THE TASK →
Pictures aside, restate the records below exactly as written.

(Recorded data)
....................

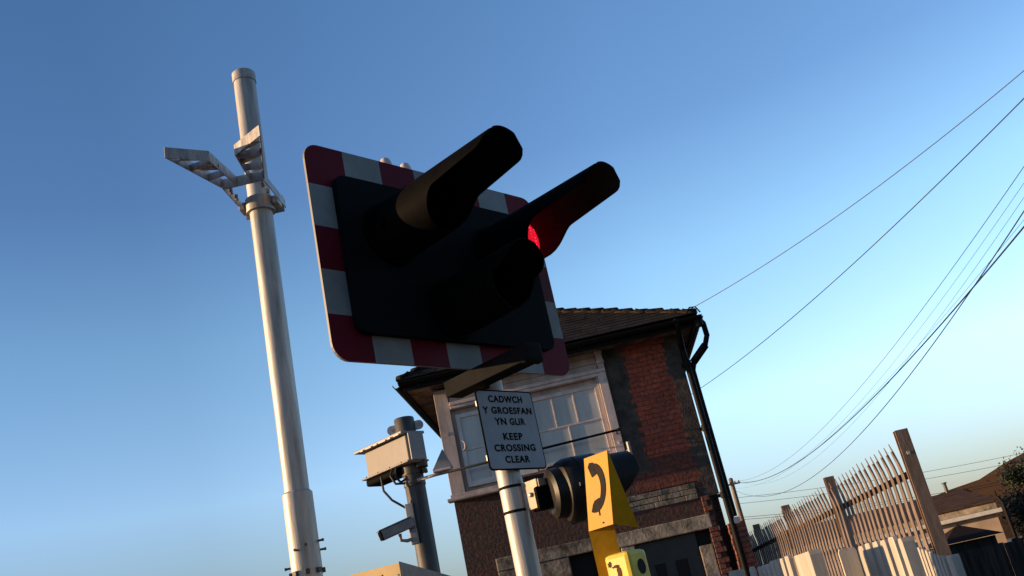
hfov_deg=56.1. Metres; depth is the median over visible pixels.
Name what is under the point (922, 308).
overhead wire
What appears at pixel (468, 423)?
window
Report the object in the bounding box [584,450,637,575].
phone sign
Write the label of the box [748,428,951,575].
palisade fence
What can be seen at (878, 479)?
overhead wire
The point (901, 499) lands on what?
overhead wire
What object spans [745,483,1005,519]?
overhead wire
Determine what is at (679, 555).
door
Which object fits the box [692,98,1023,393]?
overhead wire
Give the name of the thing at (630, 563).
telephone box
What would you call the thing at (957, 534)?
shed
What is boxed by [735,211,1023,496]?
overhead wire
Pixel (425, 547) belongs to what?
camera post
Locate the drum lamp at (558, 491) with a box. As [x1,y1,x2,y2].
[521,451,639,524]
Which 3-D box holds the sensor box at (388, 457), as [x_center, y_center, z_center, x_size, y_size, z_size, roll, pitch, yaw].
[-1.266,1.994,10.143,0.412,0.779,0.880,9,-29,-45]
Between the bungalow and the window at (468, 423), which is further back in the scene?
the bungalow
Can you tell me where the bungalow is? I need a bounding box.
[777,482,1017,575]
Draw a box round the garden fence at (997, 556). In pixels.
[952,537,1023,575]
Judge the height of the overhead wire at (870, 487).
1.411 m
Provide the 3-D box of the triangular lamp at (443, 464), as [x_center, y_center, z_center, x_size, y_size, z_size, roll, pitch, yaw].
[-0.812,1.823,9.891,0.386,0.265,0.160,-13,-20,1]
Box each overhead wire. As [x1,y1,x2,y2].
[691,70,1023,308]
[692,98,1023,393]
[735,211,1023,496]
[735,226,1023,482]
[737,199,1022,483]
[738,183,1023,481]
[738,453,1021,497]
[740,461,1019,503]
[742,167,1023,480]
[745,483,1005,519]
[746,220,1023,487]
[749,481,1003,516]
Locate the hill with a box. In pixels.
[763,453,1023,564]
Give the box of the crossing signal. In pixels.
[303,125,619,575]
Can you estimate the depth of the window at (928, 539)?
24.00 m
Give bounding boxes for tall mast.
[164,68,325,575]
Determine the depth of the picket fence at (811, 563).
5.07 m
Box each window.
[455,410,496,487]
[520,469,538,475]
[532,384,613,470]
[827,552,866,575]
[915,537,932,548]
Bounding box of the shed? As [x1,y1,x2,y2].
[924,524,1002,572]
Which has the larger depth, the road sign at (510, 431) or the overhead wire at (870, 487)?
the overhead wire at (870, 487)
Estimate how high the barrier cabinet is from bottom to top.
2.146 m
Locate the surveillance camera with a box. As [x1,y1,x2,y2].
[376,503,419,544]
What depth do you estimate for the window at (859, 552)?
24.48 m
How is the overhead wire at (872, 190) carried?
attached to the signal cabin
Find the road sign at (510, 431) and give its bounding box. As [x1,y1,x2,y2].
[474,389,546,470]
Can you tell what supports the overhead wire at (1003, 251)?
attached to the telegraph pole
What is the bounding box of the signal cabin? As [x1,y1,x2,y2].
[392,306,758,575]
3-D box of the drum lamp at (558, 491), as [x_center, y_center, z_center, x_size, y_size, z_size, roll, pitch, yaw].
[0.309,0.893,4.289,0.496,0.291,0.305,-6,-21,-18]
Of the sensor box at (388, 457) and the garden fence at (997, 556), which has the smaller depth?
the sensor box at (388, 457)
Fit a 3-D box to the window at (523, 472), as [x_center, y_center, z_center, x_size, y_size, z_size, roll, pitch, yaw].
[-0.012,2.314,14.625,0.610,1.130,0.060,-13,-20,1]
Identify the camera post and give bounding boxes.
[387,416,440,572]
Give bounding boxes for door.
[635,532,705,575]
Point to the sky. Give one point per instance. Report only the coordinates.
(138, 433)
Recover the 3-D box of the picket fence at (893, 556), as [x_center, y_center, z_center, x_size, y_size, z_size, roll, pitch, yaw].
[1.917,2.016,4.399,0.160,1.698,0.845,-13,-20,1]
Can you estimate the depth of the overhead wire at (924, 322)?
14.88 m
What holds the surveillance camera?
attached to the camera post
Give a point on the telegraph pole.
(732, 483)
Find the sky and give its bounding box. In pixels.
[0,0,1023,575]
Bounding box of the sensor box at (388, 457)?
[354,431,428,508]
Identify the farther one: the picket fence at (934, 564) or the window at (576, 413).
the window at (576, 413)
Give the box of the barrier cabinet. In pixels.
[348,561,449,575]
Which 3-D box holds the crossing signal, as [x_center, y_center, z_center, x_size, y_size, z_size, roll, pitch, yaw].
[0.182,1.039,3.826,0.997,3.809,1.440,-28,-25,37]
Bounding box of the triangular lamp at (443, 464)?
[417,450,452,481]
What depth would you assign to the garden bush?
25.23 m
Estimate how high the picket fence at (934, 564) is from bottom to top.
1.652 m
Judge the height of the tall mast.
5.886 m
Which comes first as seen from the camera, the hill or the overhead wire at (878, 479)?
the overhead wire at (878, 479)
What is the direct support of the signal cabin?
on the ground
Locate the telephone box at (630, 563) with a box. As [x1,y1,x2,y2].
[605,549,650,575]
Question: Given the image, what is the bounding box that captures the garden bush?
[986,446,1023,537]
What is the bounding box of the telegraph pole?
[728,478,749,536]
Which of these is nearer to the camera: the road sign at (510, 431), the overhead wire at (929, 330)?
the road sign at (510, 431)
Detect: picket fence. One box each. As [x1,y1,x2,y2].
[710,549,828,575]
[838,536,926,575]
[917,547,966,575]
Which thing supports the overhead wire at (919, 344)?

....................

ANSWER TO THIS TASK →
hfov_deg=56.1. Metres; depth is the median over visible pixels.
Name what is under the point (922, 308).
overhead wire
What appears at pixel (468, 423)?
window
Report the object in the bounding box [584,450,637,575].
phone sign
Write the label of the box [748,428,951,575].
palisade fence
What can be seen at (878, 479)?
overhead wire
The point (901, 499) lands on what?
overhead wire
What object spans [745,483,1005,519]?
overhead wire
Determine what is at (679, 555).
door
Which object fits the box [692,98,1023,393]?
overhead wire
Give the name of the thing at (630, 563).
telephone box
What would you call the thing at (957, 534)?
shed
What is boxed by [735,211,1023,496]?
overhead wire
Pixel (425, 547) belongs to what?
camera post
Locate the drum lamp at (558, 491) with a box. As [x1,y1,x2,y2].
[521,451,639,524]
Which 3-D box holds the sensor box at (388, 457), as [x_center, y_center, z_center, x_size, y_size, z_size, roll, pitch, yaw].
[-1.266,1.994,10.143,0.412,0.779,0.880,9,-29,-45]
Between the bungalow and the window at (468, 423), which is further back in the scene?
the bungalow
Can you tell me where the bungalow is? I need a bounding box.
[777,482,1017,575]
Draw a box round the garden fence at (997, 556). In pixels.
[952,537,1023,575]
Judge the height of the overhead wire at (870, 487).
1.411 m
Provide the 3-D box of the triangular lamp at (443, 464), as [x_center, y_center, z_center, x_size, y_size, z_size, roll, pitch, yaw].
[-0.812,1.823,9.891,0.386,0.265,0.160,-13,-20,1]
Box each overhead wire. As [x1,y1,x2,y2].
[691,70,1023,308]
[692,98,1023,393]
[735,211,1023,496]
[735,226,1023,482]
[737,199,1022,483]
[738,183,1023,481]
[738,453,1021,497]
[740,461,1019,503]
[742,167,1023,480]
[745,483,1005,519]
[746,220,1023,487]
[749,481,1003,516]
Locate the hill with a box. In pixels.
[763,453,1023,564]
Give the box of the crossing signal. In pixels.
[303,125,619,575]
Can you estimate the depth of the window at (928, 539)?
24.00 m
Give bounding boxes for tall mast.
[164,68,325,575]
Determine the depth of the picket fence at (811, 563).
5.07 m
Box each window.
[455,410,496,487]
[520,469,538,475]
[532,384,613,470]
[827,552,866,575]
[915,537,932,548]
Bounding box of the shed? As [x1,y1,x2,y2].
[924,524,1002,572]
Which has the larger depth, the road sign at (510, 431) or the overhead wire at (870, 487)?
the overhead wire at (870, 487)
Estimate how high the barrier cabinet is from bottom to top.
2.146 m
Locate the surveillance camera with a box. As [x1,y1,x2,y2].
[376,503,419,544]
What depth do you estimate for the window at (859, 552)?
24.48 m
How is the overhead wire at (872, 190) carried?
attached to the signal cabin
Find the road sign at (510, 431) and give its bounding box. As [x1,y1,x2,y2].
[474,389,546,470]
Can you tell what supports the overhead wire at (1003, 251)?
attached to the telegraph pole
What is the bounding box of the signal cabin? As [x1,y1,x2,y2].
[392,306,758,575]
3-D box of the drum lamp at (558, 491), as [x_center, y_center, z_center, x_size, y_size, z_size, roll, pitch, yaw].
[0.309,0.893,4.289,0.496,0.291,0.305,-6,-21,-18]
Of the sensor box at (388, 457) and the garden fence at (997, 556), which has the smaller depth?
the sensor box at (388, 457)
Fit a 3-D box to the window at (523, 472), as [x_center, y_center, z_center, x_size, y_size, z_size, roll, pitch, yaw].
[-0.012,2.314,14.625,0.610,1.130,0.060,-13,-20,1]
Identify the camera post and give bounding boxes.
[387,416,440,572]
Give bounding boxes for door.
[635,532,705,575]
Point to the sky. Give one point per instance. Report only the coordinates.
(138, 433)
Recover the 3-D box of the picket fence at (893, 556), as [x_center, y_center, z_center, x_size, y_size, z_size, roll, pitch, yaw].
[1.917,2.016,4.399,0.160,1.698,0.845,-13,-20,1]
Can you estimate the depth of the overhead wire at (924, 322)?
14.88 m
What holds the surveillance camera?
attached to the camera post
Give a point on the telegraph pole.
(732, 483)
Find the sky and give its bounding box. In pixels.
[0,0,1023,575]
Bounding box of the sensor box at (388, 457)?
[354,431,428,508]
Identify the farther one: the picket fence at (934, 564) or the window at (576, 413).
the window at (576, 413)
Give the box of the barrier cabinet. In pixels.
[348,561,449,575]
Which 3-D box holds the crossing signal, as [x_center, y_center, z_center, x_size, y_size, z_size, roll, pitch, yaw].
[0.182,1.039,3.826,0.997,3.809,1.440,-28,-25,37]
Bounding box of the triangular lamp at (443, 464)?
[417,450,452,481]
What depth would you assign to the garden bush?
25.23 m
Estimate how high the picket fence at (934, 564) is from bottom to top.
1.652 m
Judge the height of the tall mast.
5.886 m
Which comes first as seen from the camera, the hill or the overhead wire at (878, 479)?
the overhead wire at (878, 479)
What is the direct support of the signal cabin?
on the ground
Locate the telephone box at (630, 563) with a box. As [x1,y1,x2,y2].
[605,549,650,575]
Question: Given the image, what is the bounding box that captures the garden bush?
[986,446,1023,537]
What is the bounding box of the telegraph pole?
[728,478,749,536]
Which of these is nearer to the camera: the road sign at (510, 431), the overhead wire at (929, 330)?
the road sign at (510, 431)
Detect: picket fence. One box each. As [x1,y1,x2,y2].
[710,549,828,575]
[838,536,926,575]
[917,547,966,575]
Which thing supports the overhead wire at (919, 344)?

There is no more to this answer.